Bob, sitting next to me, asked, “What things, Andy? What things will it teach you?”
“That be up to you and what you signed up to learn in this life. Whatever you is supposed to hear, if you get quiet enough in your mind, you’ll hear it. You know the best thing I ever learned from the TV?” He waited.
“What’s the best thing you learned from the TV?” I asked.
“The TV be exactly like the mind. Whatever you think up here,” he tapped between his eyebrows, “you make happen in the world. We create and destroy with our mind. We get stuck in a dark hole and live there. We think other people be monsters when they are just as scared of us as we are of them. The problem with most of us now is we never have a break from our minds. We forget that the TV be on 24/7, playing something all day and night. Used to be that all the channels would go off after 2 in the morning. They’d be a long beep, then silence and then snow. But the TV was still on. Static noise. That’s not the darkness, not the silence I’m talking about. I’m talking about when you turn off the TV.”

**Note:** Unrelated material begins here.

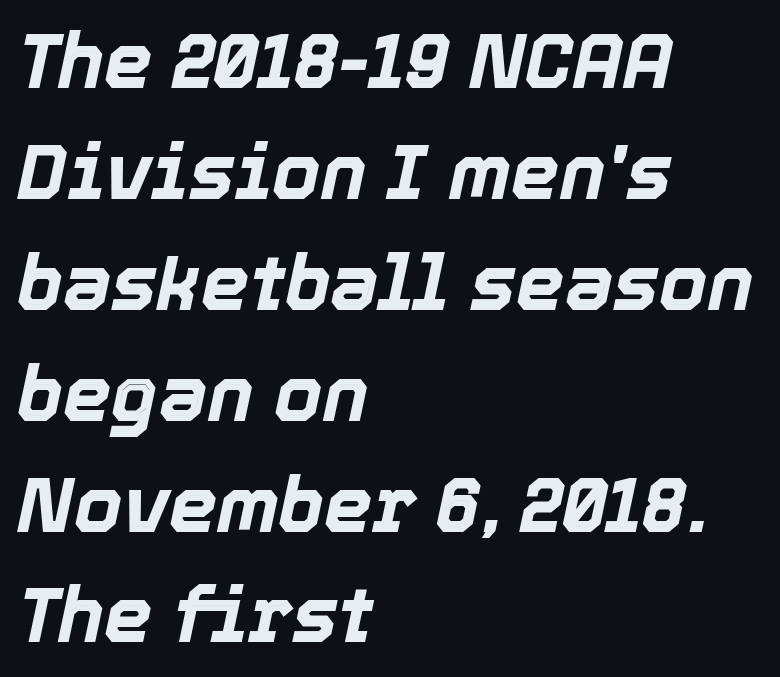
The lines in this sample share a left origin and differ only in where they stop. Line spacing here is normal. Nothing unusual about the tracking: characters are spaced as the font intends. A bare baseline throughout the passage. Character widths vary here, with narrow letters taking less room than wide ones. The letters are slanted; this is an italic face.
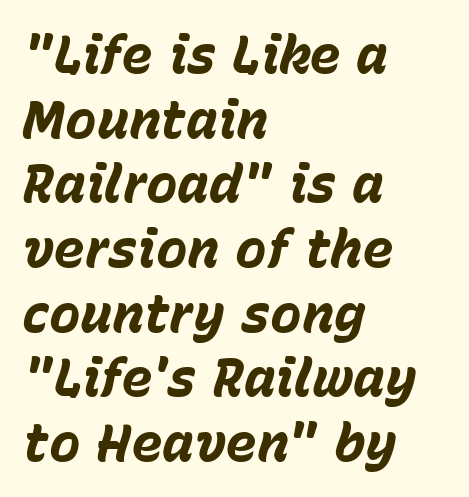
{"italic": "yes", "lean": "right", "slant_degrees": 15, "bold": "yes", "weight": "bold", "width": "normal", "stroke_contrast": "low", "x_height": "medium", "monospaced": "no", "underline": "no", "align": "left", "line_spacing_ratio": 1.22, "letter_spacing": "normal", "letter_spacing_em": 0.0, "glyph_px": 53}

“You remember how it would slowly fade down to that little white dot in the center? That dot would stay there surrounded by blackness. Then it would go away. That’s the silence. You got to get yourself to that little white dot in the middle of that black screen and stay there, breathe there, be happy there. The first time it happens it’s gonna scare you because it’s gonna be so quiet you ain’t gonna know what to do with yourself, and then it’s too late. You started thinking again. You turned the TV back on.” He chuckled at the irony.

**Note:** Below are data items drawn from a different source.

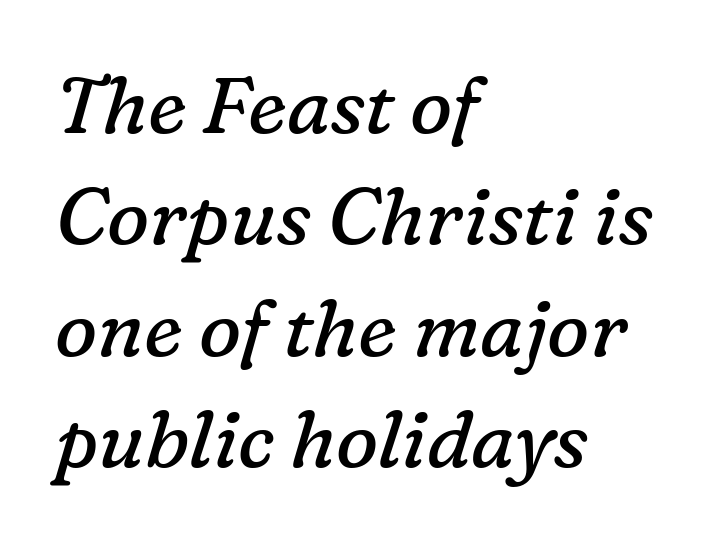
Q: Is the text bold? A: No.
Q: Is the text italic (slanted)? A: Yes, it leans right by about 16 degrees.
Q: Is the typeface a serif or a sans-serif typeface? A: Serif.
Q: Is the text underlined? A: No.
Q: How is the paragraph aligned? A: Left-aligned.
Q: Is the spacing between letters normal or unusually wide? A: Normal.
Q: Is the spacing between lines tight, normal or loose? A: Normal.
Q: Width (condensed, normal, or wide)? A: Normal.
Q: Stroke contrast? A: Low.
Q: x-height? A: Medium.
Q: Monospaced? A: No.

“Finding that silence… and listening to it speaking louder than any of the loudest noises is what got me through prison. It gets me through when a problem comes up now. Don’t be afraid of it. Don’t chase it. Just sit with it and it’ll come and find you.”
We stayed silent, taking in the wholeness of an unbroken man who had served time, and who served us wisdom. For me, living with bipolar disorder and HIV and finding solace from fear and shame, depression and hypomania has been a long, loud journey. But Andy is right. Occasionally during meditation, underneath the chaos in my head there’s another voice speaking without words. He sounds like me, he is whole, and he loves me very much.
If you saw Andy, you’d most likely walk the other way and he’d be glad you did. However, you’d have missed an opportunity. There are the unlikeliest angels among us. Our saints and prophets are faceless, don’t get three square meals a day and often don’t smell too good. When I hugged him that Thursday, he embraced me as a brother. “Thank you, Andy,” I smiled, and he smiled back. That day, I was blessed by one of the wisest men I’ve ever met.